■ Supplied information
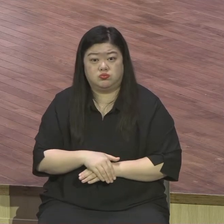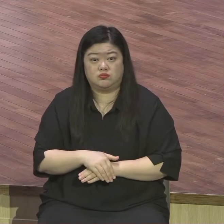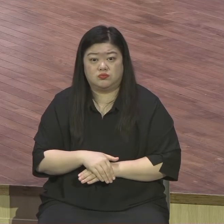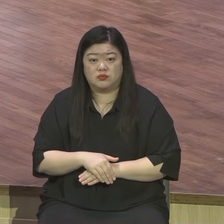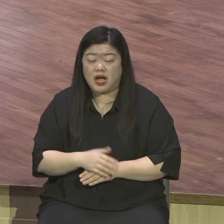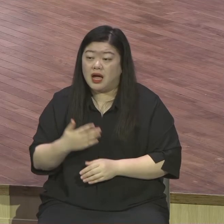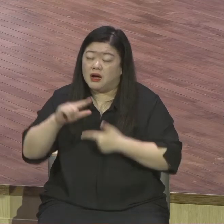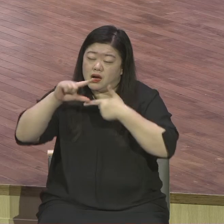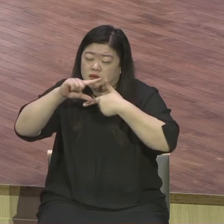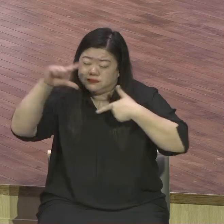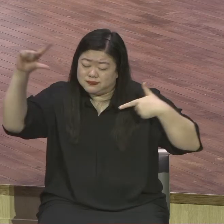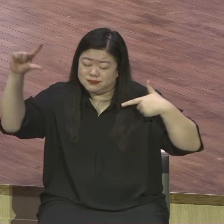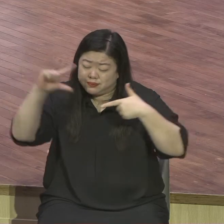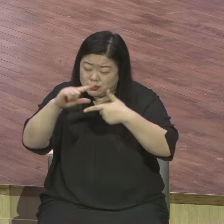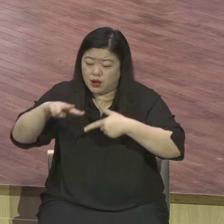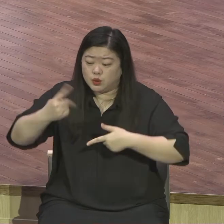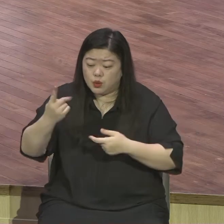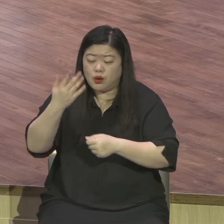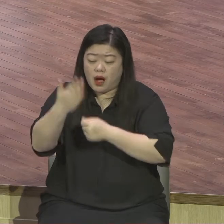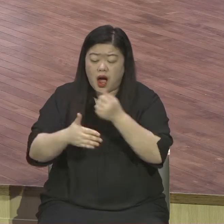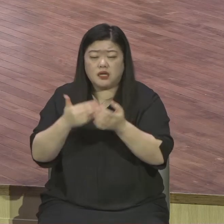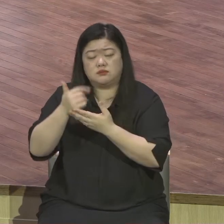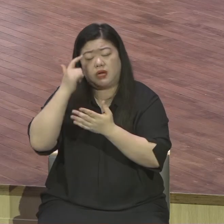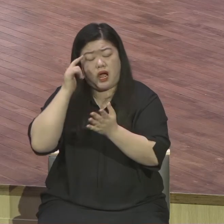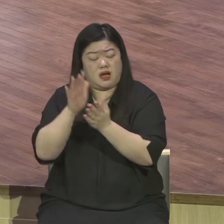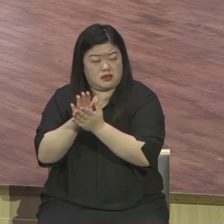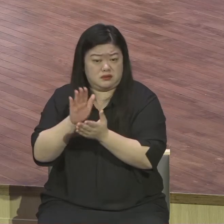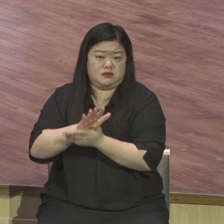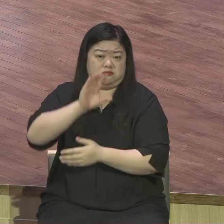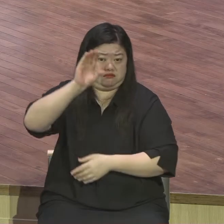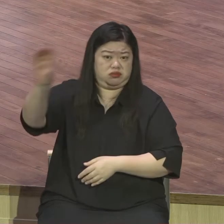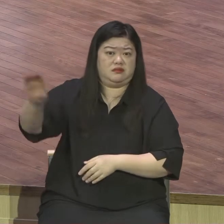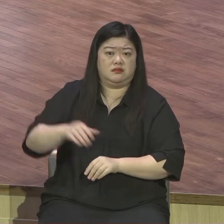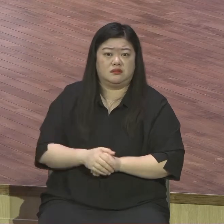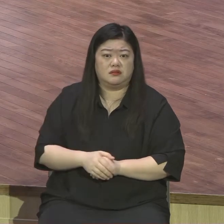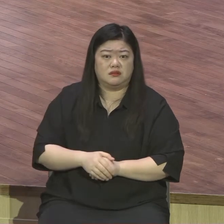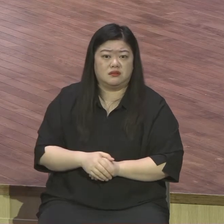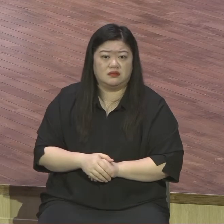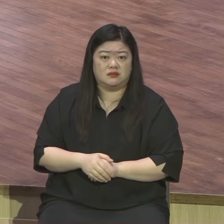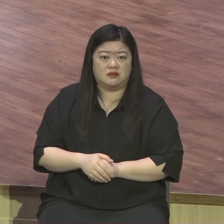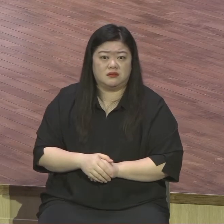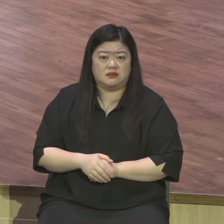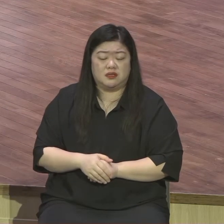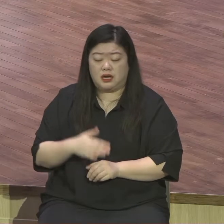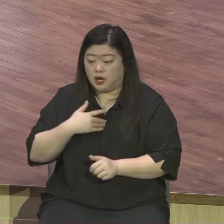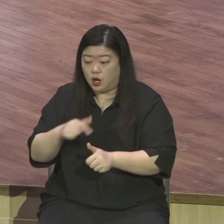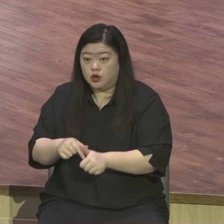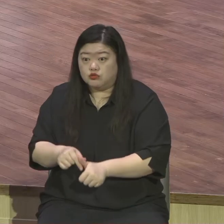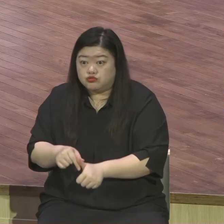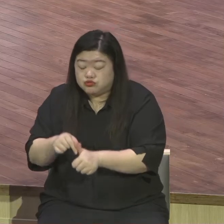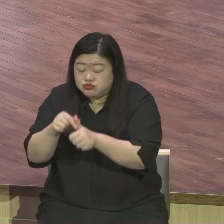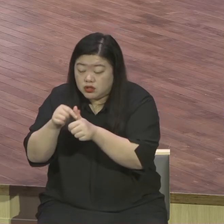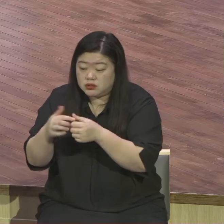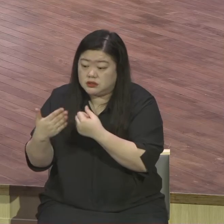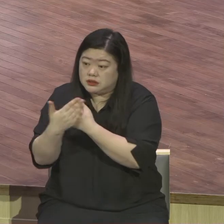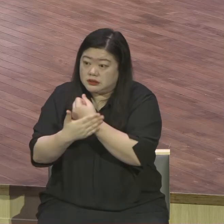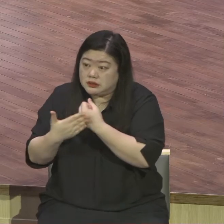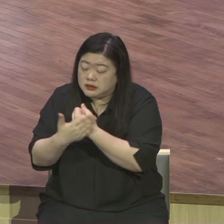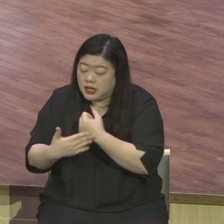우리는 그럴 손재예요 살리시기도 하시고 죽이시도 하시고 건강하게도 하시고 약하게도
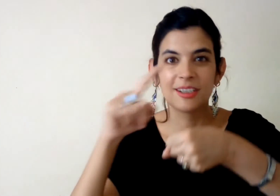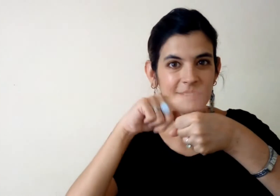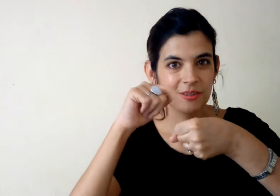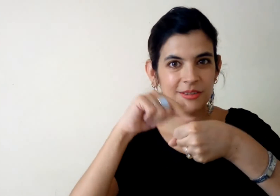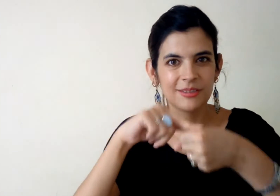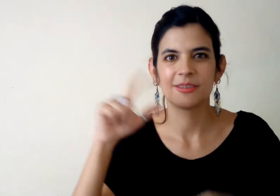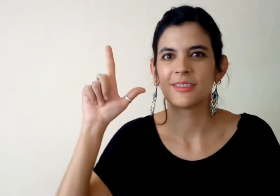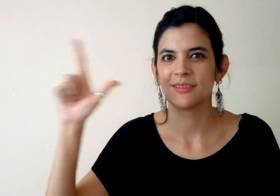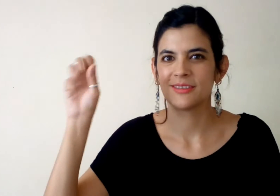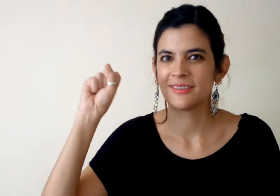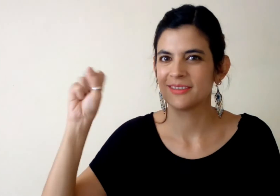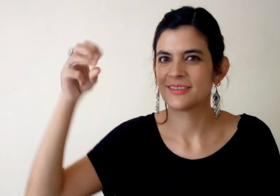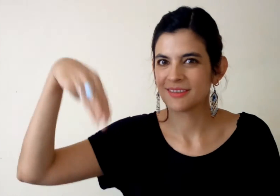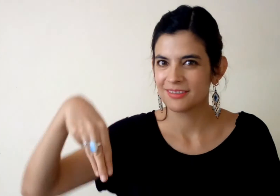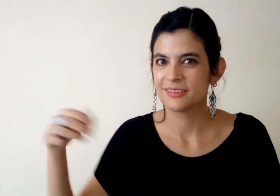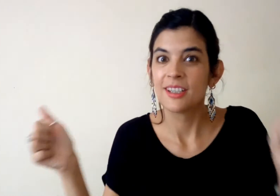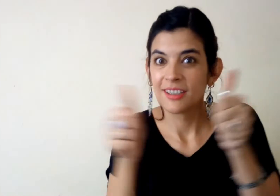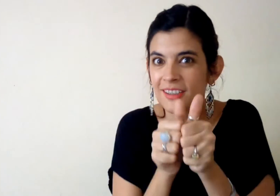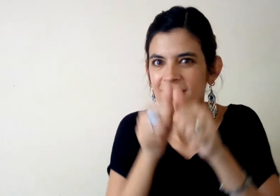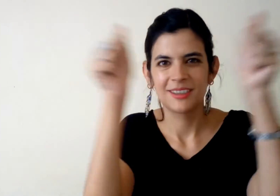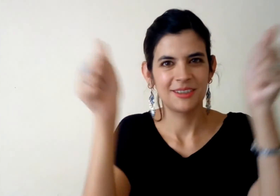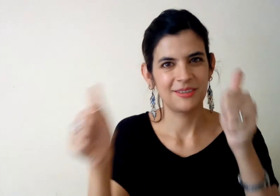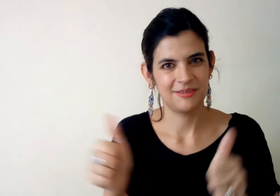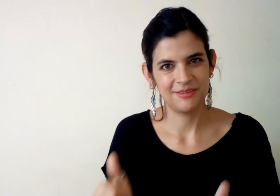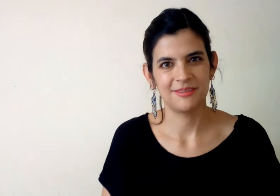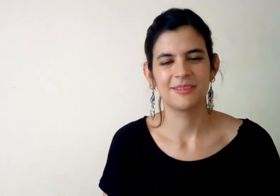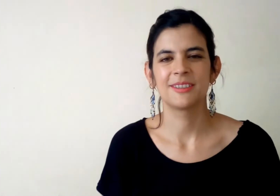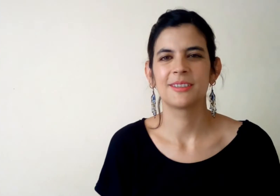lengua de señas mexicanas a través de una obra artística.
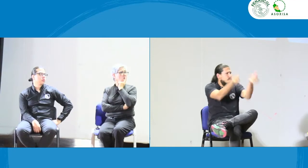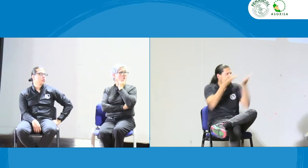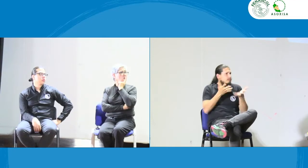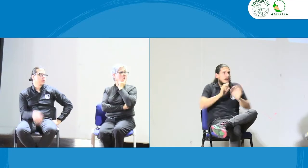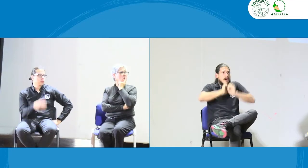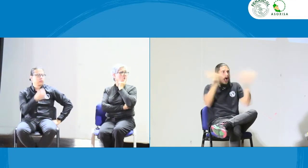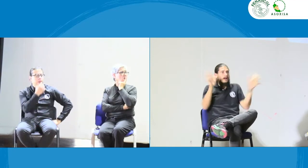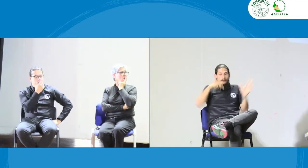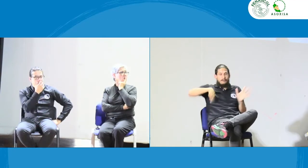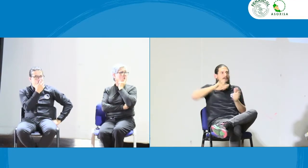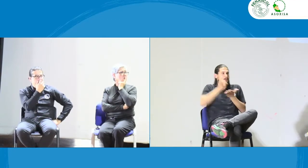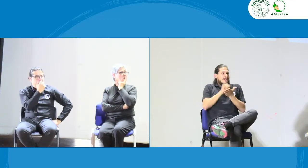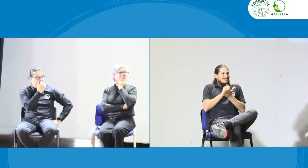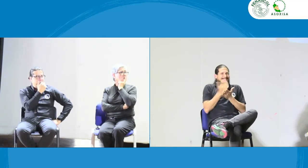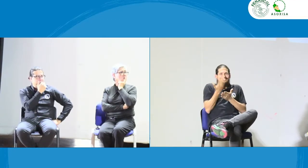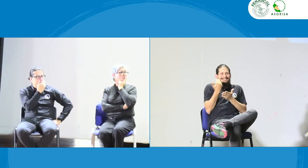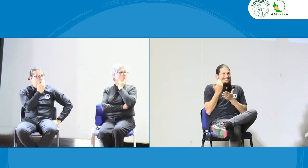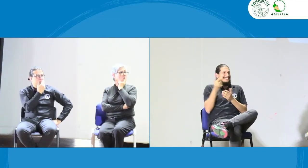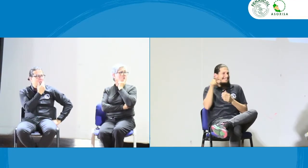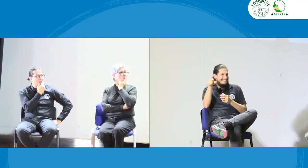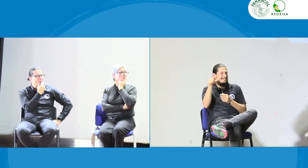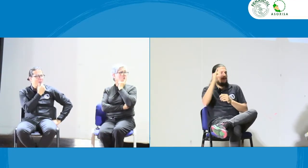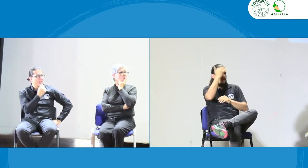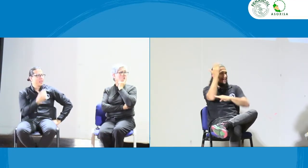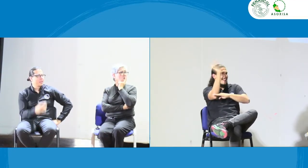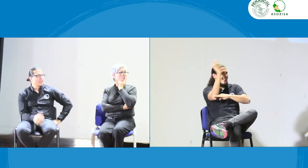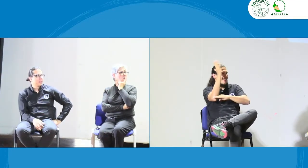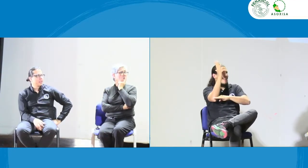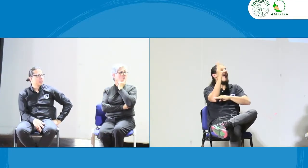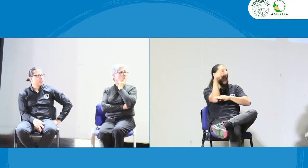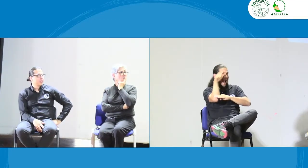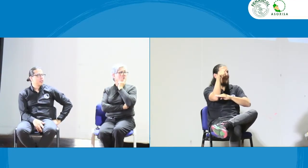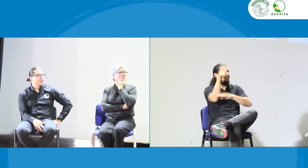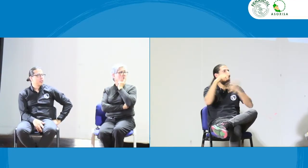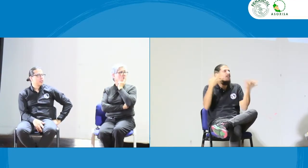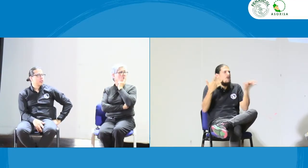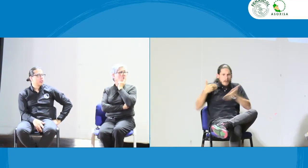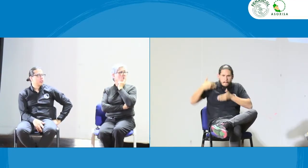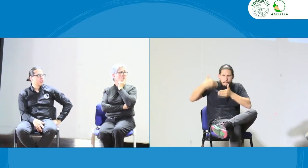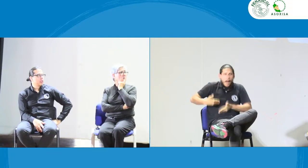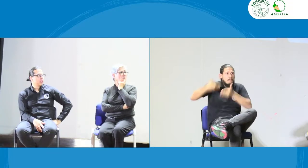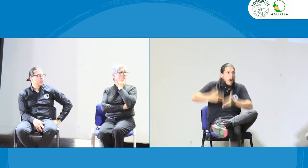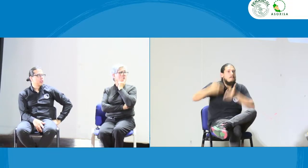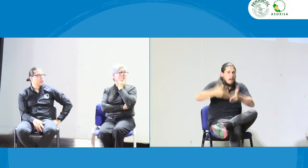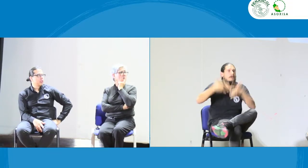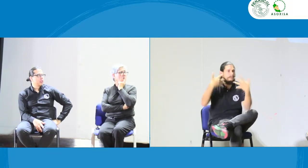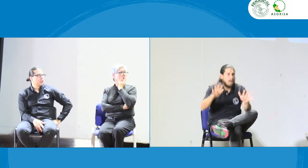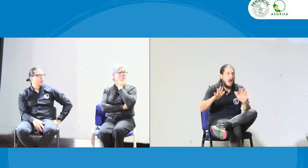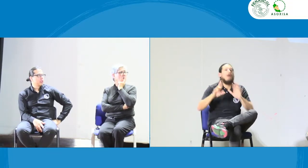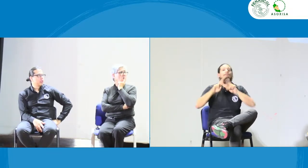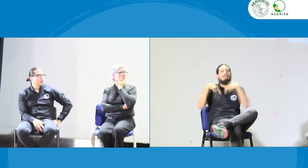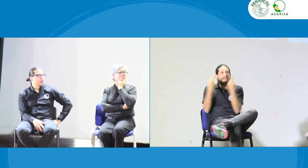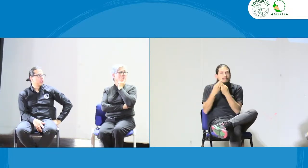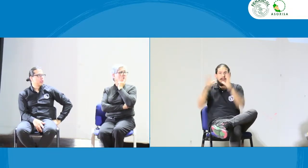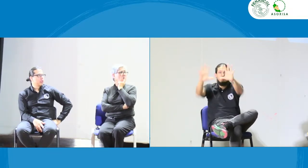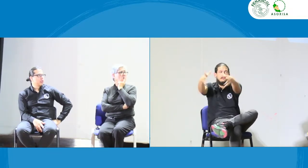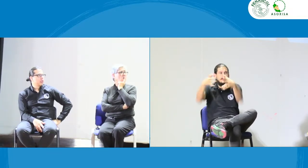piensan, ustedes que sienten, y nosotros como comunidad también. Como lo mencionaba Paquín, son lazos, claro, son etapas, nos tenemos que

■ Task item
Reprint the listing above exactly, without images.

■ Answer section
우리는 그럴 손재예요 살리시기도 하시고 죽이시도 하시고 건강하게도 하시고 약하게도
lengua de señas mexicanas a través de una obra artística.
piensan, ustedes que sienten, y nosotros como comunidad también. Como lo mencionaba Paquín, son lazos, claro, son etapas, nos tenemos que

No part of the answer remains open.